The time resoution for Fermi/GBM data changes as a function of time, so let's take a look at what the time resolution looks like:

In [32]:
dt = np.diff(tnew)

In [33]:
fig, ax = plt.subplots(1, 1, figsize=(8,4))
ax.plot(tnew[1:], dt)

<IPython.core.display.Javascript object>

[<matplotlib.lines.Line2D at 0x1a1c890860>]

Okay, that has two different time resolutions! Ugh. Okay, we're going to have to do some clever rebinning:

In [34]:
def rebin_data(x, y, dx_new, yerr=None, method='sum', dx=None):
    """Rebin some data to an arbitrary new data resolution. Either sum
    the data points in the new bins or average them.

    Parameters
    ----------
    x: iterable
        The dependent variable with some resolution ``dx_old = x[1]-x[0]``

    y: iterable
        The independent variable to be binned

    dx_new: float
        The new resolution of the dependent variable ``x``

    Other parameters
    ----------------
    yerr: iterable, optional
        The uncertainties of ``y``, to be propagated during binning.

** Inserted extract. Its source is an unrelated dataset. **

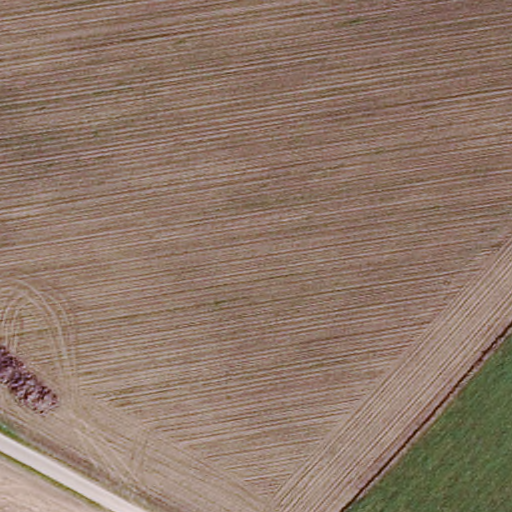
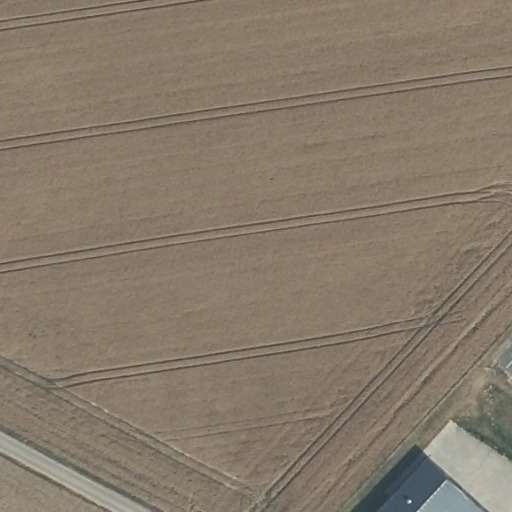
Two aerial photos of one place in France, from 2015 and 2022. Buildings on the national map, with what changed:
new [(490,512),(371,512),(426,453),(490,512)]

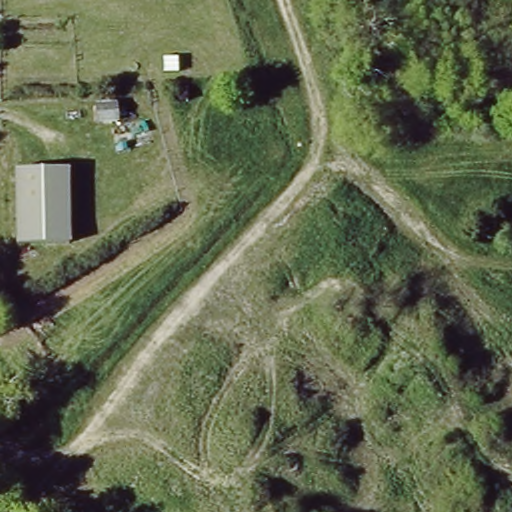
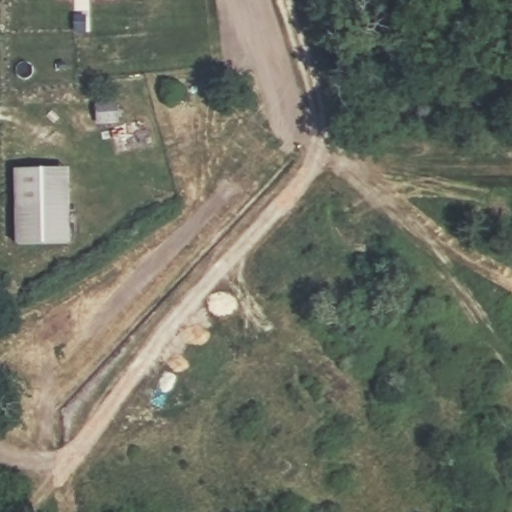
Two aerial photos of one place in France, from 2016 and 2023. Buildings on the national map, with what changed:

    method: {``sum`` | ``average`` | ``mean``}, optional, default ``sum``
        The method to be used in binning. Either sum the samples ``y`` in
        each new bin of ``x``, or take the arithmetic mean.

    dx: float
        The old resolution (otherwise, calculated from median diff)

    Returns
    -------
    xbin: numpy.ndarray
        The midpoints of the new bins in ``x``

    ybin: numpy.ndarray
        The binned quantity ``y``

    ybin_err: numpy.ndarray
        The uncertainties of the binned values of ``y``.

    step_size: float
        The size of the binning step
    """

    y = np.asarray(y)
    yerr = np.zeros_like(y)

    #dx_old = assign_value_if_none(dx, np.median(np.diff(x)))
    dx_old = np.diff(x)

    if np.any(dx_new < dx_old):
        raise ValueError("New frequency resolution must be larger than "
                         "old frequency resolution.")


    # left and right bin edges
    # assumes that the points given in `x` correspond to 
    # the left bin edges
    xedges = np.hstack([x, x[-1]+np.diff(x)[-1]])

    # new regularly binned resolution
    xbin = np.arange(xedges[0], xedges[-1]+dx_old[-1], dx_new)

    output, outputerr, step_size = [], [], []

    for i in range(len(xbin)-1):
        total = 0
        total_err = 0

        nn = 0

        xmin = xbin[i]
        xmax = xbin[i+1]
        min_ind = xedges.searchsorted(xmin)
        max_ind = xedges.searchsorted(xmax)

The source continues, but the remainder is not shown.